Exercise brief
Each entry below must be repeated exactly, with pictures left out.

Extracted material
_ _ _ _ _

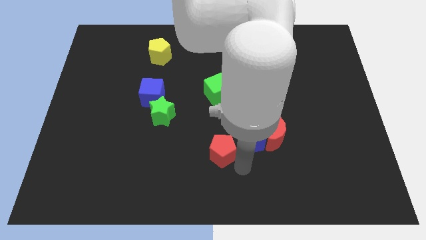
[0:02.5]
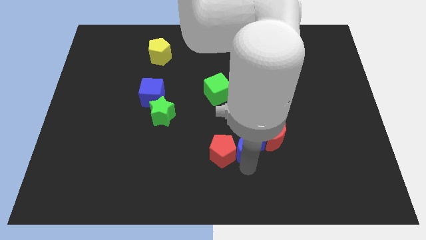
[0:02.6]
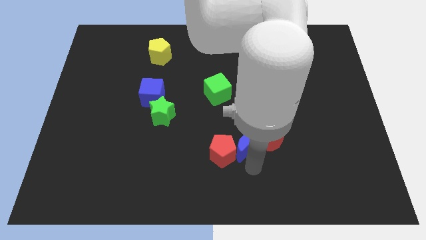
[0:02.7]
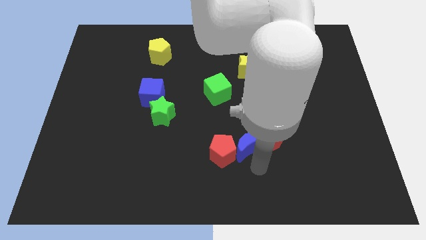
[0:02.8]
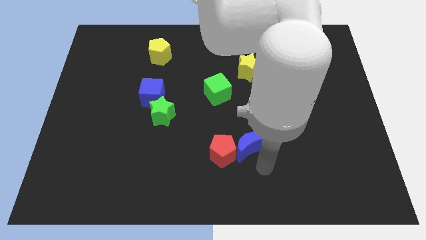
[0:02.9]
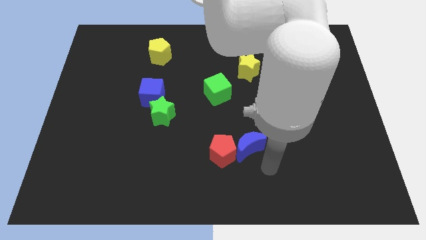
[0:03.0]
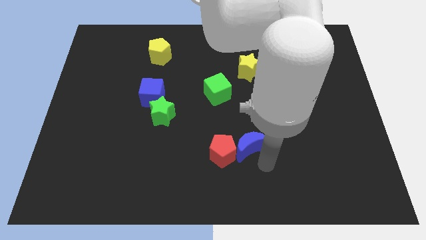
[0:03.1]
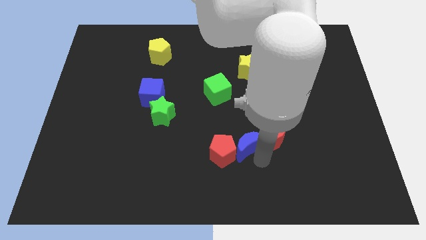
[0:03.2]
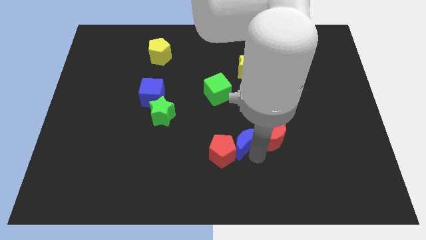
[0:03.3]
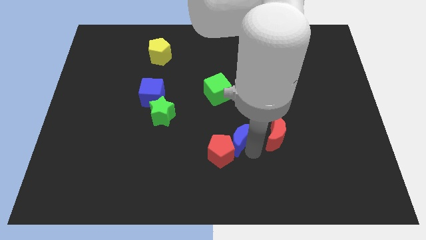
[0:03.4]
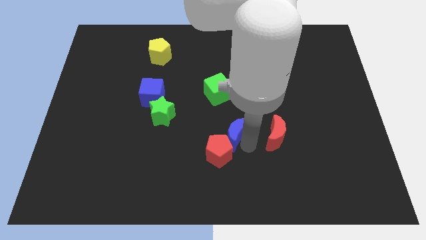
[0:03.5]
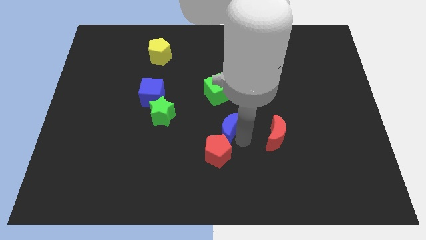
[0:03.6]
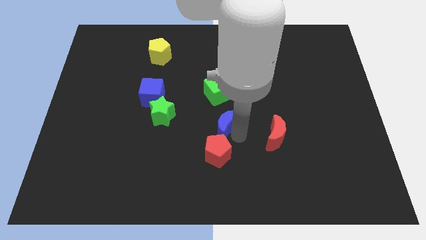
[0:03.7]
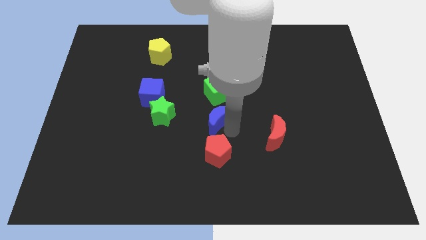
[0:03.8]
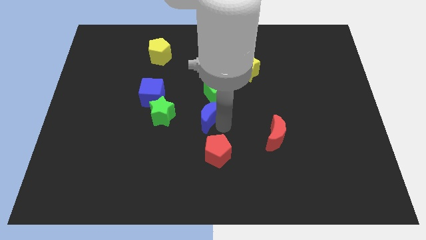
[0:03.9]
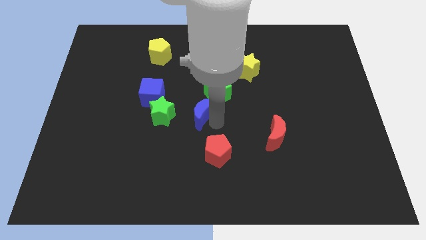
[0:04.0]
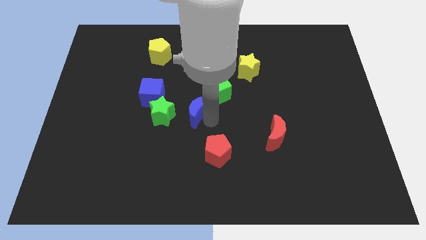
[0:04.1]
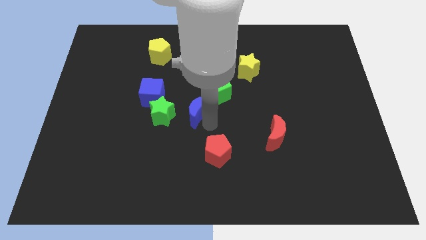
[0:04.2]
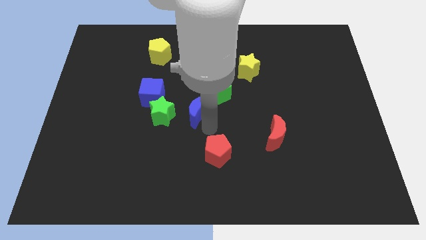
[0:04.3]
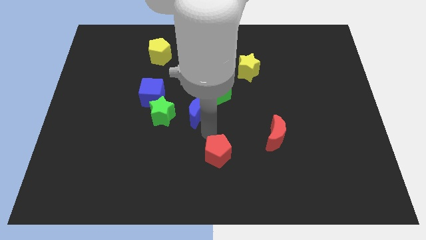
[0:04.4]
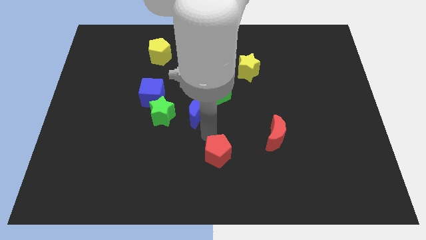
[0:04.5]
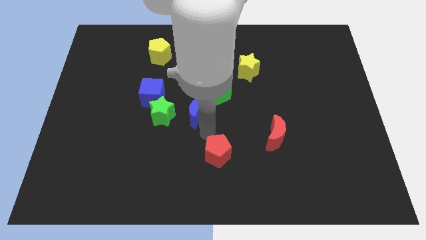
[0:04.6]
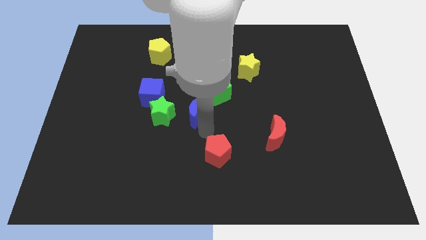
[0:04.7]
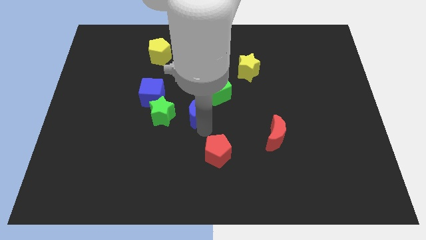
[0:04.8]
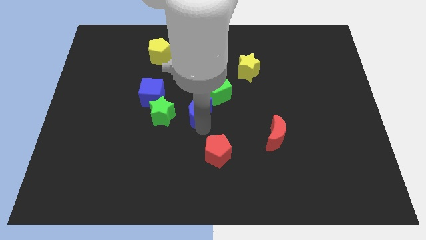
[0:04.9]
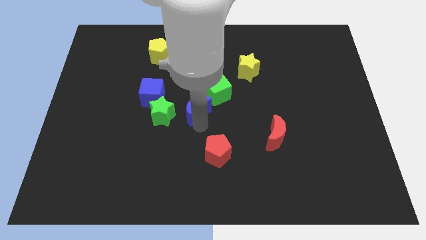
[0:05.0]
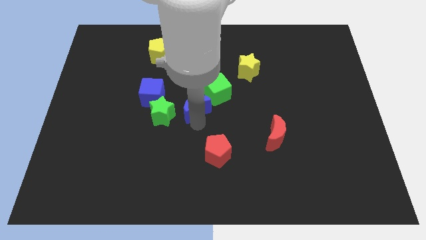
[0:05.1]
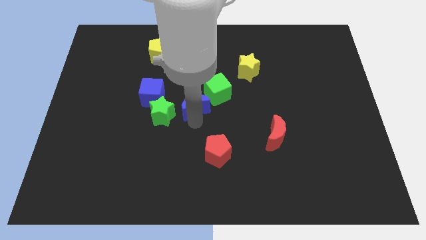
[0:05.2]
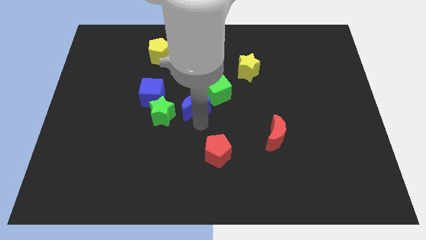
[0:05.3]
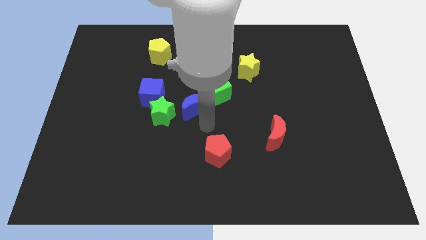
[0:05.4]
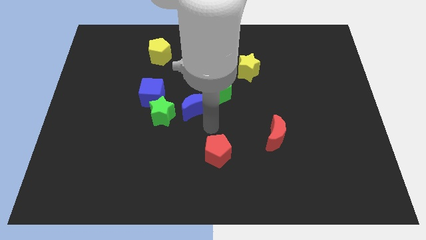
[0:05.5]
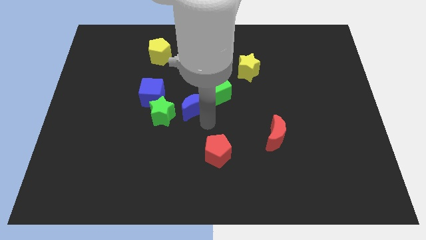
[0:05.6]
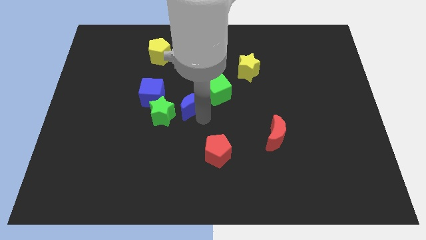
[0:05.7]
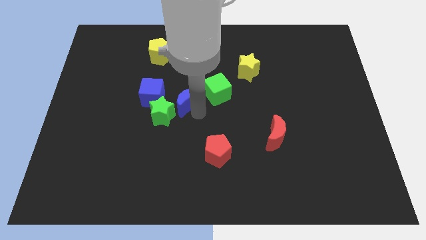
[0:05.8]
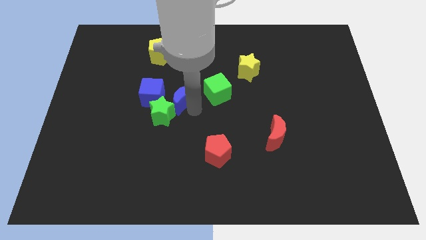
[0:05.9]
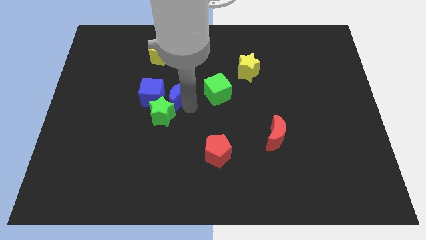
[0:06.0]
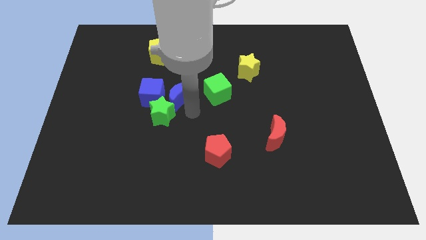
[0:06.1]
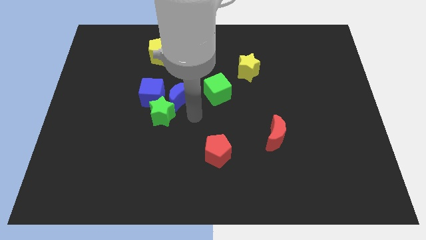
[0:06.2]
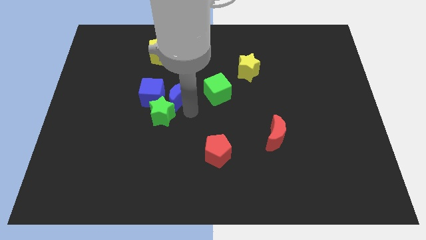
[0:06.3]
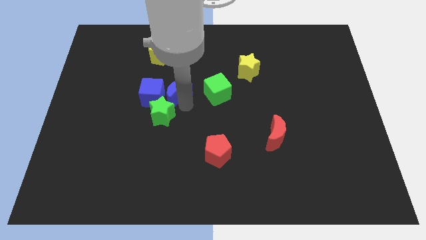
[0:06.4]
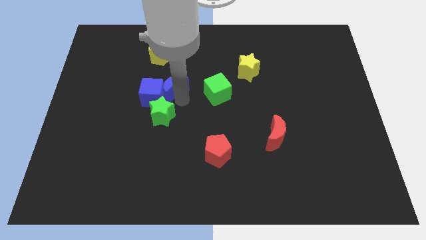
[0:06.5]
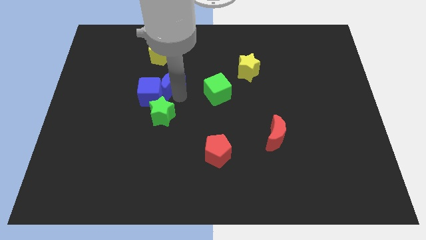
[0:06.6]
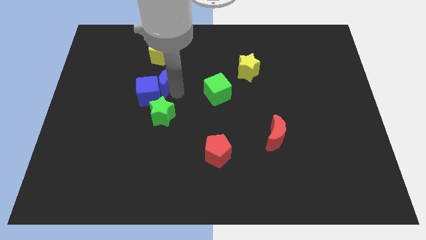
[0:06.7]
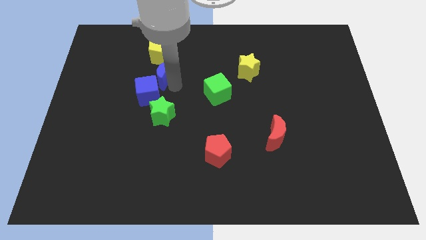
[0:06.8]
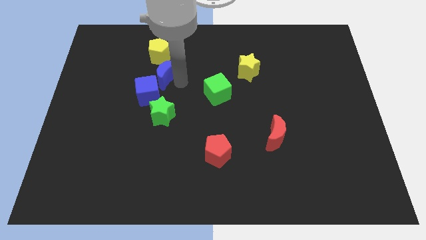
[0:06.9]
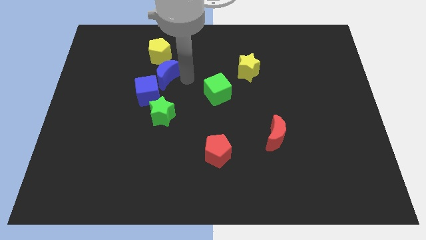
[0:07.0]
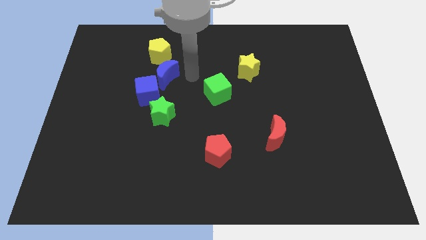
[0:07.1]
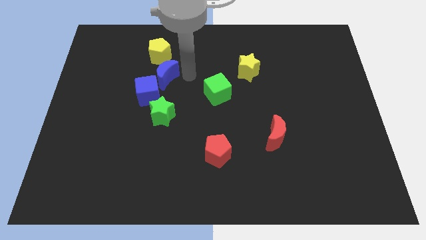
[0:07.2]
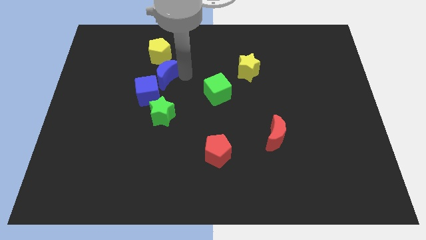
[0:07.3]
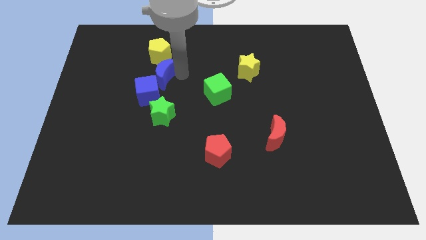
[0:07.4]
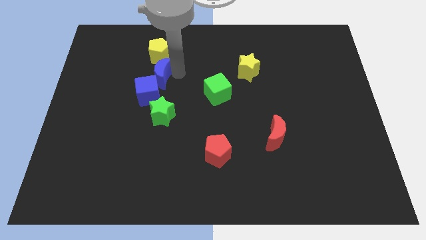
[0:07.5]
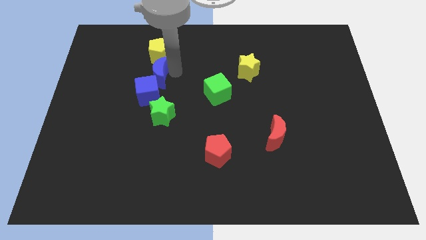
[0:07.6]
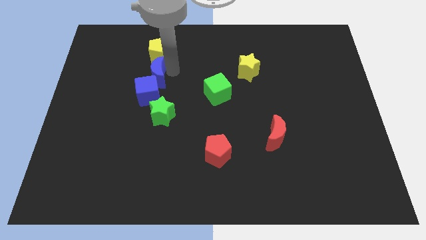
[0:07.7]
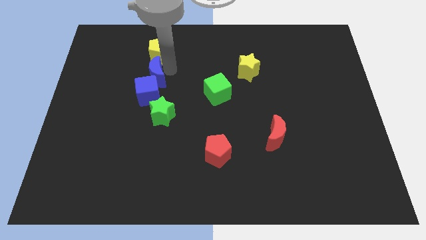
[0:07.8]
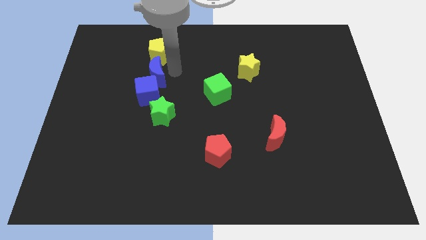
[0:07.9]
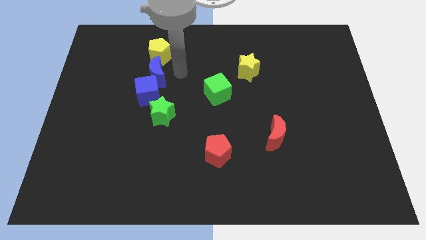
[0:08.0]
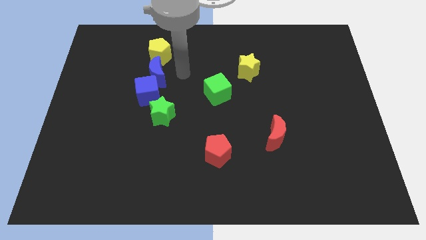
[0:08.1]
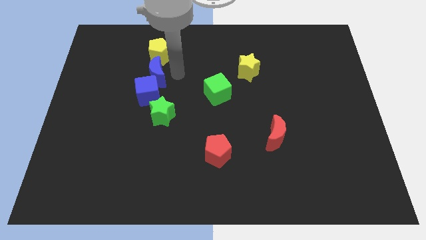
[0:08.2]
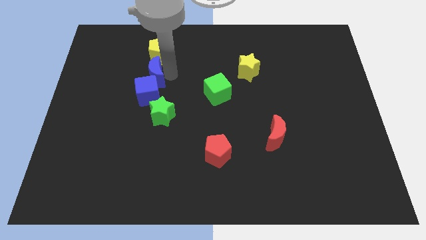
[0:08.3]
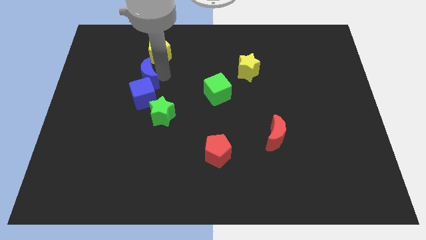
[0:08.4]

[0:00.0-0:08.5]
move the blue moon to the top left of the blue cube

_ _ _ _ _

The completed task
[0:02.5]
[0:02.6]
[0:02.7]
[0:02.8]
[0:02.9]
[0:03.0]
[0:03.1]
[0:03.2]
[0:03.3]
[0:03.4]
[0:03.5]
[0:03.6]
[0:03.7]
[0:03.8]
[0:03.9]
[0:04.0]
[0:04.1]
[0:04.2]
[0:04.3]
[0:04.4]
[0:04.5]
[0:04.6]
[0:04.7]
[0:04.8]
[0:04.9]
[0:05.0]
[0:05.1]
[0:05.2]
[0:05.3]
[0:05.4]
[0:05.5]
[0:05.6]
[0:05.7]
[0:05.8]
[0:05.9]
[0:06.0]
[0:06.1]
[0:06.2]
[0:06.3]
[0:06.4]
[0:06.5]
[0:06.6]
[0:06.7]
[0:06.8]
[0:06.9]
[0:07.0]
[0:07.1]
[0:07.2]
[0:07.3]
[0:07.4]
[0:07.5]
[0:07.6]
[0:07.7]
[0:07.8]
[0:07.9]
[0:08.0]
[0:08.1]
[0:08.2]
[0:08.3]
[0:08.4]

[0:00.0-0:08.5]
move the blue moon to the top left of the blue cube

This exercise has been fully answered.